[Start of section]
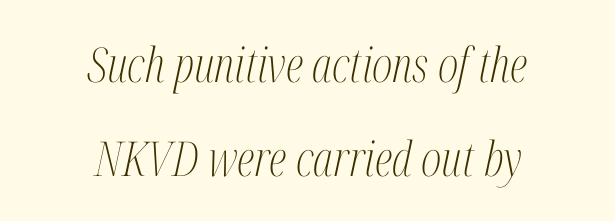
The font sits on the lighter half of the weight spectrum, regular included. The zone under the glyphs is completely vacant. You can tell it's italic because the verticals aren't actually vertical. Is the letter spacing exaggerated? No — it looks like the ordinary default. Serifs: yes, visible at the terminals of the letterforms. The paragraph shown floats in the horizontal middle.
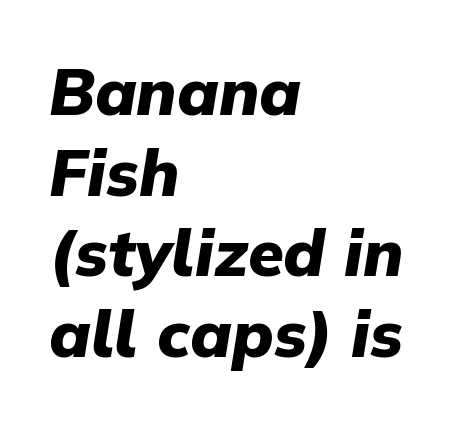
{"italic": "yes", "lean": "right", "slant_degrees": 9, "bold": "yes", "weight": "heavy", "width": "normal", "stroke_contrast": "low", "x_height": "medium", "monospaced": "no", "underline": "no", "align": "left", "line_spacing_ratio": 1.24, "letter_spacing": "normal", "letter_spacing_em": 0.0, "glyph_px": 65}
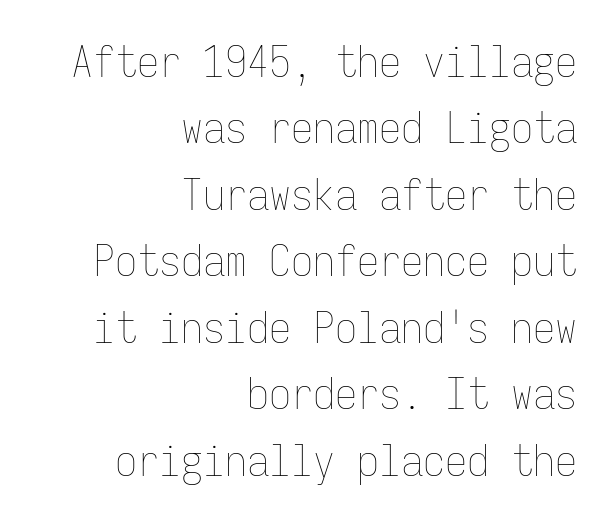
{"italic": "no", "bold": "no", "weight": "thin", "width": "condensed", "stroke_contrast": "low", "x_height": "medium", "monospaced": "yes", "underline": "no", "align": "right", "line_spacing": "normal", "line_spacing_ratio": 1.51, "letter_spacing": "normal", "letter_spacing_em": 0.0, "glyph_px": 44}
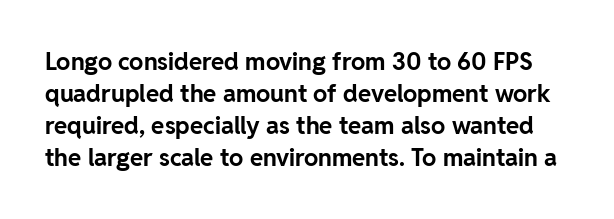
The image shows 24 px bold type, upright; set normal line spacing (1.34x), normal letter spacing, not underlined.
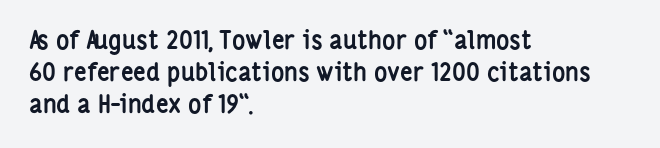
{"italic": "no", "bold": "yes", "underline": "no", "align": "left", "line_spacing": "normal", "line_spacing_ratio": 1.29, "letter_spacing": "normal", "letter_spacing_em": 0.0, "glyph_px": 25}
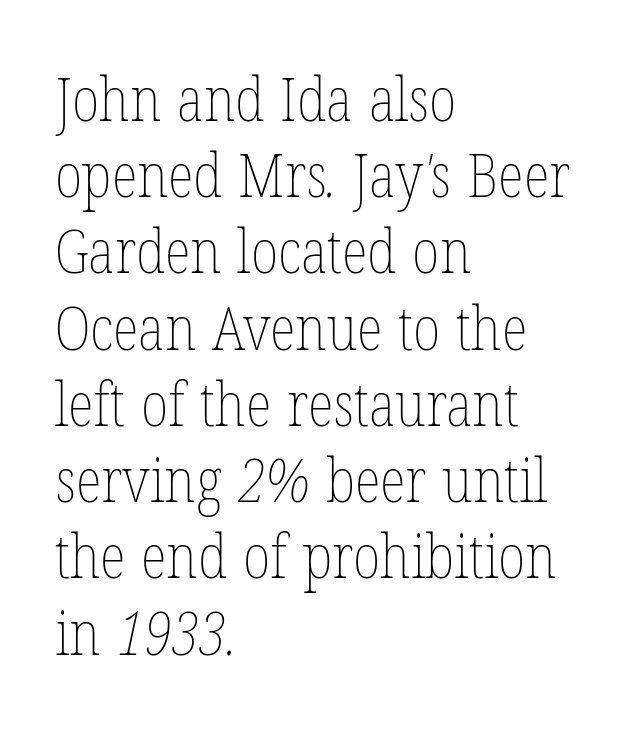
In terms of leading, this rendering sits right in the middle. This sample has the flowing, uneven cadence of proportional lettering. These lines are set flush left with a ragged right edge. Words float on clear page, feet unadorned.
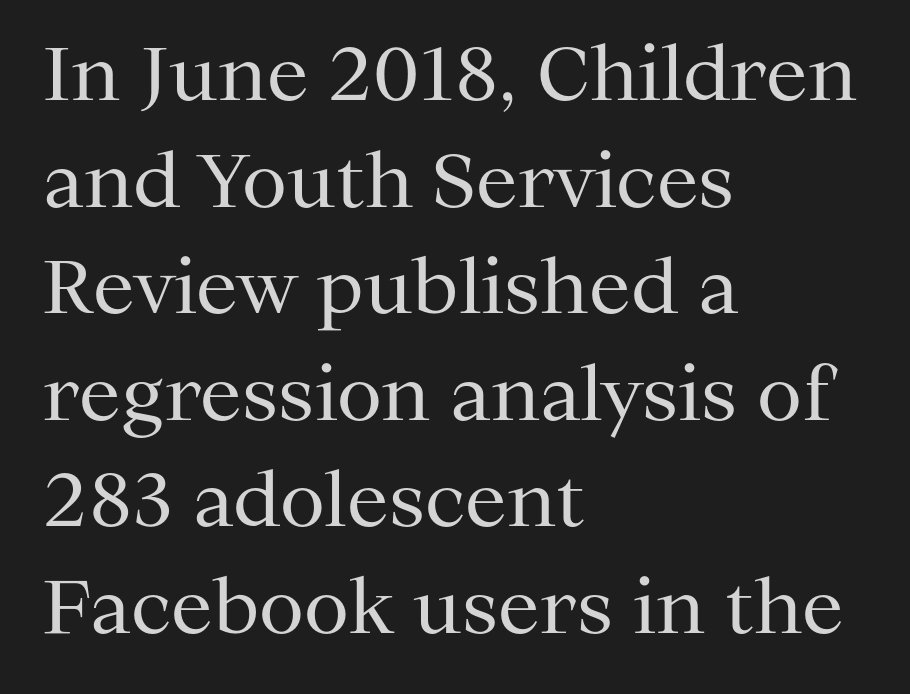
The image shows 74 px regular-weight serif type, upright; set left-aligned, normal line spacing (1.44x), normal letter spacing, not underlined; medium stroke contrast and a medium x-height.
[End of section]
Task to carry out ▸ Copy the listing over exactly, skipping the pictures it holds.

Answer space ▸
The font sits on the lighter half of the weight spectrum, regular included. The zone under the glyphs is completely vacant. You can tell it's italic because the verticals aren't actually vertical. Is the letter spacing exaggerated? No — it looks like the ordinary default. Serifs: yes, visible at the terminals of the letterforms. The paragraph shown floats in the horizontal middle.
{"italic": "yes", "lean": "right", "slant_degrees": 9, "bold": "yes", "weight": "heavy", "width": "normal", "stroke_contrast": "low", "x_height": "medium", "monospaced": "no", "underline": "no", "align": "left", "line_spacing_ratio": 1.24, "letter_spacing": "normal", "letter_spacing_em": 0.0, "glyph_px": 65}
{"italic": "no", "bold": "no", "weight": "thin", "width": "condensed", "stroke_contrast": "low", "x_height": "medium", "monospaced": "yes", "underline": "no", "align": "right", "line_spacing": "normal", "line_spacing_ratio": 1.51, "letter_spacing": "normal", "letter_spacing_em": 0.0, "glyph_px": 44}
The image shows 24 px bold type, upright; set normal line spacing (1.34x), normal letter spacing, not underlined.
{"italic": "no", "bold": "yes", "underline": "no", "align": "left", "line_spacing": "normal", "line_spacing_ratio": 1.29, "letter_spacing": "normal", "letter_spacing_em": 0.0, "glyph_px": 25}
In terms of leading, this rendering sits right in the middle. This sample has the flowing, uneven cadence of proportional lettering. These lines are set flush left with a ragged right edge. Words float on clear page, feet unadorned.
The image shows 74 px regular-weight serif type, upright; set left-aligned, normal line spacing (1.44x), normal letter spacing, not underlined; medium stroke contrast and a medium x-height.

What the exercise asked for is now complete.